Our software products are sold as full games, which typically provide access to the main game content, primarily for console and PC. Generally, our full game software products deliver a license of our intellectual property that provides a functional offline gaming experience (i.e., one that does not require an Internet connection to access the main game content or other significant game related services). We recognize revenue related to the license of our intellectual property that provides offline functionality at the time control of the products has been transferred to our customers (i.e. upon delivery of the software product).
In addition, some of our full game software products that provide a functional offline gaming experience may also include significant game related services delivered over time, such as online functionality that is dependent upon online support services and/or additional free content updates. For full game sales that offer offline functionality and significant game related services we evaluate whether the license of our intellectual property and the game related services are distinct and separable. This evaluation is performed for each software product sold. If we determine that our software products contain a license of intellectual property separate from the game related services (i.e. multiple performance obligations), we estimate a standalone selling price for each identified performance obligation. We allocate the transaction price to each performance obligation using a relative standalone selling price method (the transaction price is allocated to a performance obligation based on the proportion of the standalone selling price of each performance obligation to the sum of the standalone selling prices for all performance obligations in the contract). For the portion of the transaction price allocable to the license, revenue is recognized when the customer takes control of the product. For the portion of the transaction price allocated to game related services, revenue is recognized ratably over an estimated service period for the related software product. We also defer related product costs and recognize the costs as the revenues are recognized.
Certain of our full game software products are delivered primarily as an online gaming experience with substantially all gameplay requiring online access to our game related services. We recognize revenue for full game software products that are dependent on our game related services over an estimated service period. For our full game online software products, we also defer related product costs and recognize the costs as the revenue is recognized.
We also sell separate downloadable add-on content to supplement our full game software products. Revenue from the sale of separate downloadable add-on content is evaluated for revenue recognition on the same basis as our full game software products.

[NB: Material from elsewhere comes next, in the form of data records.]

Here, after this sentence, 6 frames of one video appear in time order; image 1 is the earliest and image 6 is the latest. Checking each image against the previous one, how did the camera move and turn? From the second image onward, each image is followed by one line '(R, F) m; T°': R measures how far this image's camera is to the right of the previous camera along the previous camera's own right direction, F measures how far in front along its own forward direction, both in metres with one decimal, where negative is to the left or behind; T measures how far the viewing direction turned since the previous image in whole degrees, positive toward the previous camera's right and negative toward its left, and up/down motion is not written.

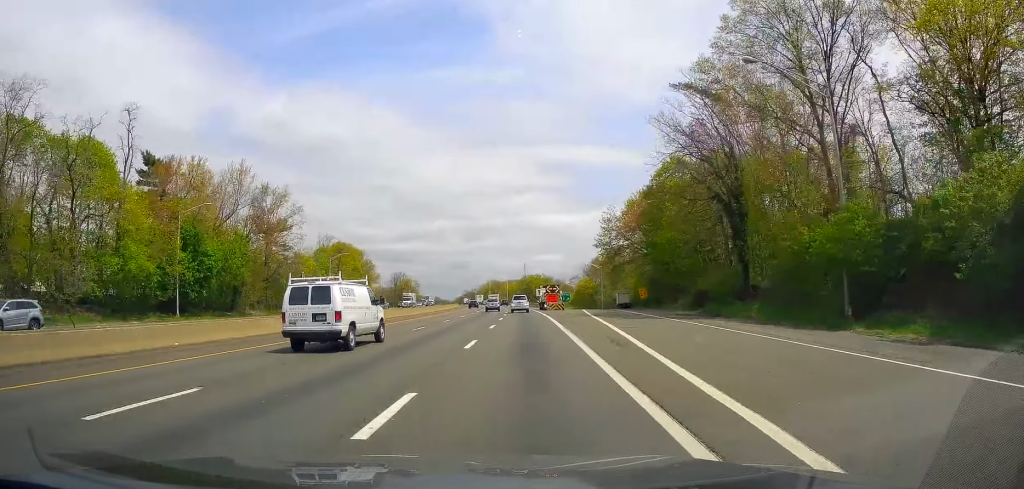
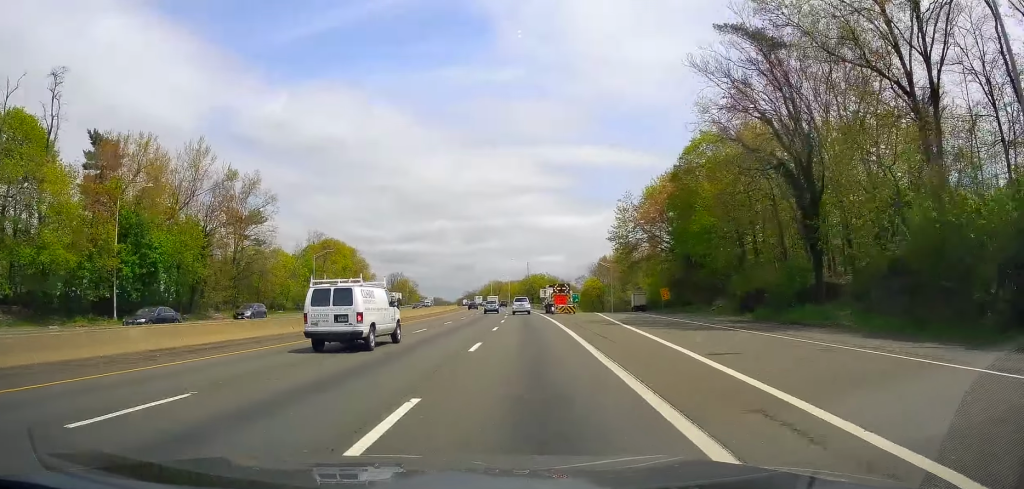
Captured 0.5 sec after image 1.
(-0.1, +12.5) m; +1°
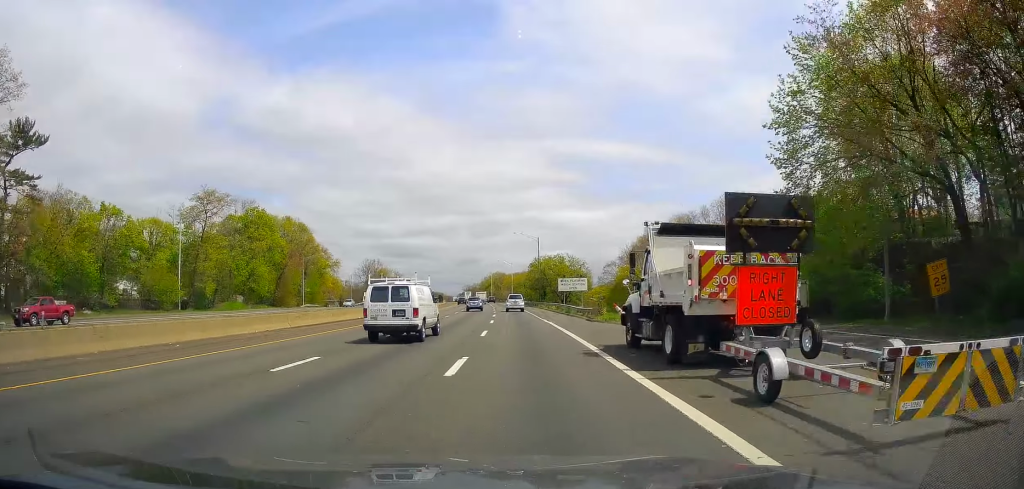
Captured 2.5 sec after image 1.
(-0.6, +54.9) m; -2°
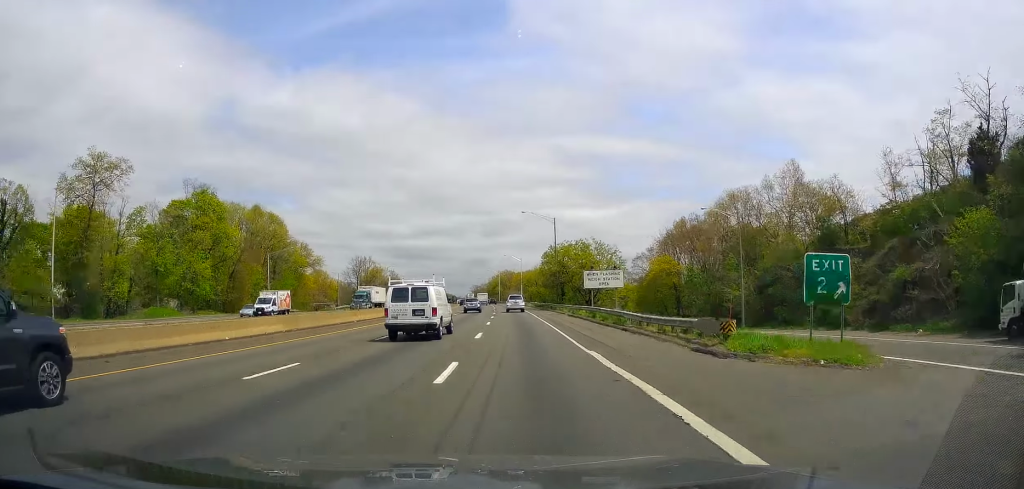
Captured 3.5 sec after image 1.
(+0.1, +25.9) m; +1°
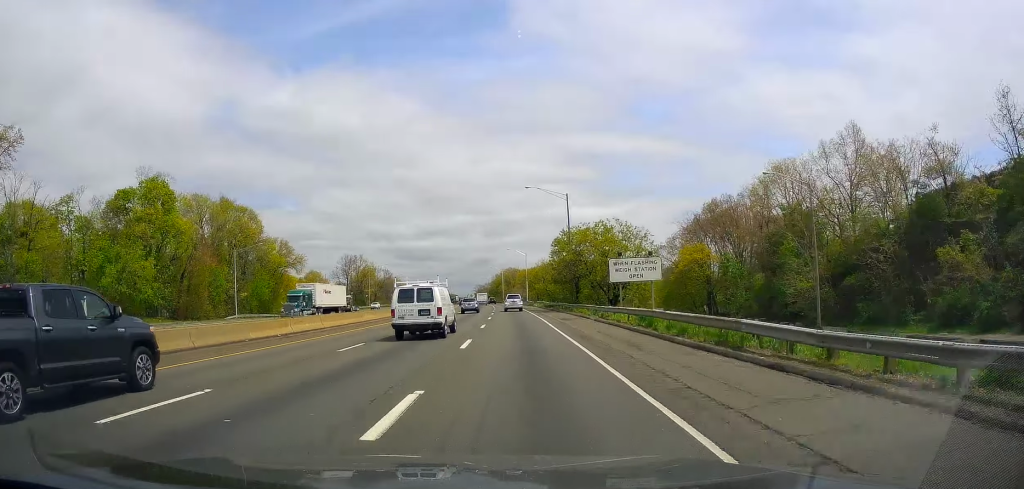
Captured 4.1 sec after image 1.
(+0.1, +16.8) m; 0°
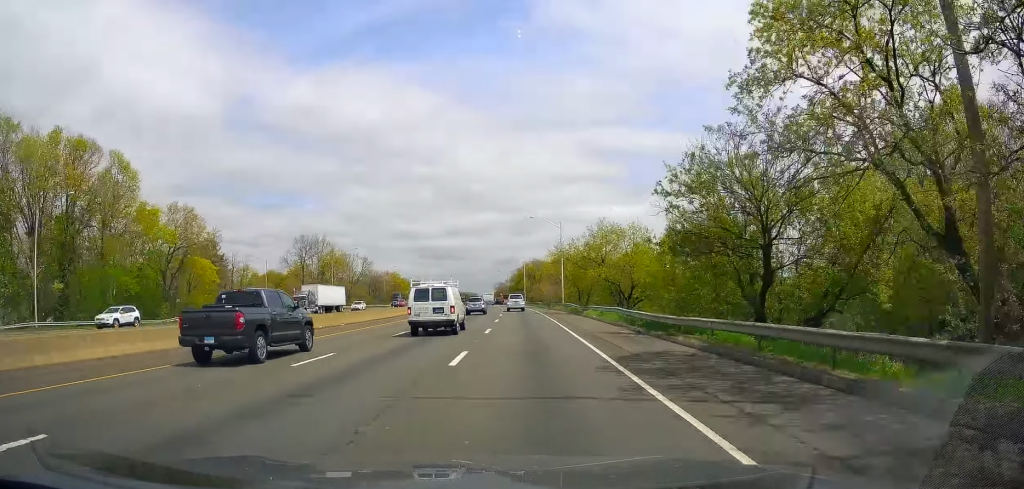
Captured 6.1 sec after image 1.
(-1.4, +53.7) m; -3°

In addition to sales of our full game software products, we also offer free-to-play software products, both of which may provide customers with the option to acquire virtual currency or make in-game purchases. For virtual currency and in-game purchases the satisfaction of our performance obligation is dependent on the nature of the virtual item purchased and as a result, we categorize our virtual items as follows:
Consumable: Consumable virtual items represent items that can be consumed by a specific player action. Consumable virtual items do not result in a direct benefit that the player keeps or provide the player any continuing benefit following consumption, and they often enable a player to perform an in-game action immediately. For the sale of consumable virtual items, we recognize revenue as the items are consumed (i.e., over time), which approximates less than one month.

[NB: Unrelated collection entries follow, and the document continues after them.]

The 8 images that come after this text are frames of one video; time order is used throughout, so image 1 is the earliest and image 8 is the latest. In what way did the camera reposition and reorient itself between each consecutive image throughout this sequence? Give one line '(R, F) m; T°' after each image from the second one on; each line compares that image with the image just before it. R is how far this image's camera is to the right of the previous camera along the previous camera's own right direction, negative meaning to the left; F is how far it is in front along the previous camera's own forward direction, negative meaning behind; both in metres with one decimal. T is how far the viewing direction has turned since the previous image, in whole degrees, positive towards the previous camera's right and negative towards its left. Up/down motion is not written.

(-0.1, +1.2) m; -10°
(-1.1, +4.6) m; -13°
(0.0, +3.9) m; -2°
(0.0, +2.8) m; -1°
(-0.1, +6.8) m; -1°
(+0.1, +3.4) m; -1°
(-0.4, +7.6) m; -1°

Durable: Durable virtual items represent items that are accessible to the player over an extended period of time. We recognize revenue from the sale of durable virtual items ratably over the estimated service period for the applicable game (i.e., over time), which represents our best estimate of the average life of the durable virtual item.
Certain software products are sold to customers with a “street date” (the earliest date these products may be sold by these retailers). For the transaction price related to the license for these products that also provide a functional offline gaming experience, we recognize revenue on the later of the street date or the sale date as this is generally when we have transferred control of this performance obligation. For the sale of physical software products, recognition of revenue allocated to game related services does not begin until the product is sold-through by our customer to the end user. We currently estimate sell-through to the end user for all our titles to be approximately two months after we have sold-in the software products to retailers. Determining the estimated sell-through period requires management judgment and estimates.
In addition, some of our software products are sold as digital downloads. Revenue from digital downloads generally commences when the download is made available to the end user by a third-party digital storefront.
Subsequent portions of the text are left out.